Pyrzyce w ostatnich dniach obiegła sensacyjna wiadomość, jakoby parafia pw. św. Ottona musiała zapłacić gminie ponad półtora miliona złotych. Chodzi o zajęcie przez przykościelne wykopaliska archeologiczne fragmentu parkingu. Całą sprawą zaskoczeni są nie tylko parafianie, ale również proboszcz.

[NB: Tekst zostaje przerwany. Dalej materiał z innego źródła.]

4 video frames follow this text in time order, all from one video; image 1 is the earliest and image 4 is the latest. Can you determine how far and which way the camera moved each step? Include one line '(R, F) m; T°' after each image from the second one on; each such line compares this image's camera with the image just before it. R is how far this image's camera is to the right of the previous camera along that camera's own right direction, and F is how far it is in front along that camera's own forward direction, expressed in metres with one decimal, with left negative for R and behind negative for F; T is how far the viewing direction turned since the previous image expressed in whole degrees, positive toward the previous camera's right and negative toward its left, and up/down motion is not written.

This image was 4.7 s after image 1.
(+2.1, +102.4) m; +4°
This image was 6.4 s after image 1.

Pyrzycka parafia pw. św. Ottona ma w planach budowę centrum młodzieżowego, które ma stanąć przy kościele parafialnym. Aby jednak budowa mogła się rozpocząć konieczne było przeprowadzenie prac archeologicznych. Te zostały podjęte już jakiś czas temu. Swoim obrębem wyszły jednak poza teren parafii i zajęły również fragment należącego do miasta parkingu. Żeby można było tego dokonać parafia i miasto podpisały stosowną umowę, której treść zwalniała kościół z opłat za użytkowanie terenu. Okazało się jednak, że przepisy na to nie zezwalają i gmina chcąc działać zgodnie z prawem musiała naliczyć odpowiednią karę. – Gdyby kara nie została nałożona władze mogłyby zostać oskarżone o działanie na szkodę budżetu gminy. – mówi wiceburmistrz i podkreśla, że zarówno miastu jak i parafii zależy na jak najszybszym rozwiązaniu problemu. Proboszcz od decyzji będzie mógł się odwołać do Samorządowego Kolegium Odwoławczego, jeśli ono jej nie uchyli parafii pozostanie droga sądowa.

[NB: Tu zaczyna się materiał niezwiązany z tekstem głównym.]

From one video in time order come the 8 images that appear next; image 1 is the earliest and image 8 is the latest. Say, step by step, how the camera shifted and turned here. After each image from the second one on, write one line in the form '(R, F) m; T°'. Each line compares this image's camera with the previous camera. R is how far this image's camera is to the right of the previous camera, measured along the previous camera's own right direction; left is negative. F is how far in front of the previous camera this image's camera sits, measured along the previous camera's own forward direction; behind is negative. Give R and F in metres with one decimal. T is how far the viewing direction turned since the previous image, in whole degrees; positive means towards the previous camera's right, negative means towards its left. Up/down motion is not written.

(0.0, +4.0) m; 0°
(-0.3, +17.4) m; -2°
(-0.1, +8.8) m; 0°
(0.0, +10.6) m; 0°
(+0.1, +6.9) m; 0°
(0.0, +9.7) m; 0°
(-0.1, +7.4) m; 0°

W ciągu kilku najbliższych dni decyzja zostanie wydana i zgodnie z nią kara administracyjna będzie wynosiła ponad 1,7 miliona złotych. – Jest to dziesięciokrotność sumy, jaką parafia musiałaby zapłacić za użytkowanie tego fragmentu drogi. – mówi Robert Betyna, wiceburmistrz. Ks. Zbigniew Rakiej TChr, proboszcz parafii podkreśla, że w umowie jaką podpisał z poprzednim burmistrzem Jerzym Markiem Olechem było zaznaczone, że parafia nie poniesie kosztów. – W paragrafie 4 tej umowy napisano „porozumienie nie pociąga za sobą zobowiązania do żadnych świadczeń odpłatnych na rzecz stron porozumienia”. Parafia ma dokumenty w porządku. Jeśli umowa zła to najwyżej z winy miasta czy urzędników. – mówi ks. Rakiej i dodaje, że o opłacie nic nie wiedział. – Gdyby mi o tym powiedziano, to nigdy nie podjęlibyśmy prac. Prowadzone są pod nadzorem konserwatora, a wszystkie znalezione w ziemi rzeczy trafiają do muzeum. – mówi.
Wcześniej sprawą zainteresowała się Komisja Rewizyjna Rady Miejskiej poprzedniej kadencji. – Nie zdążyliśmy jednak się nią zająć, ponieważ był to już koniec kadencji. – mówi Miłosz Łuszczyk, ówczesny przewodniczący komisji. Do sprawy będziemy wracać.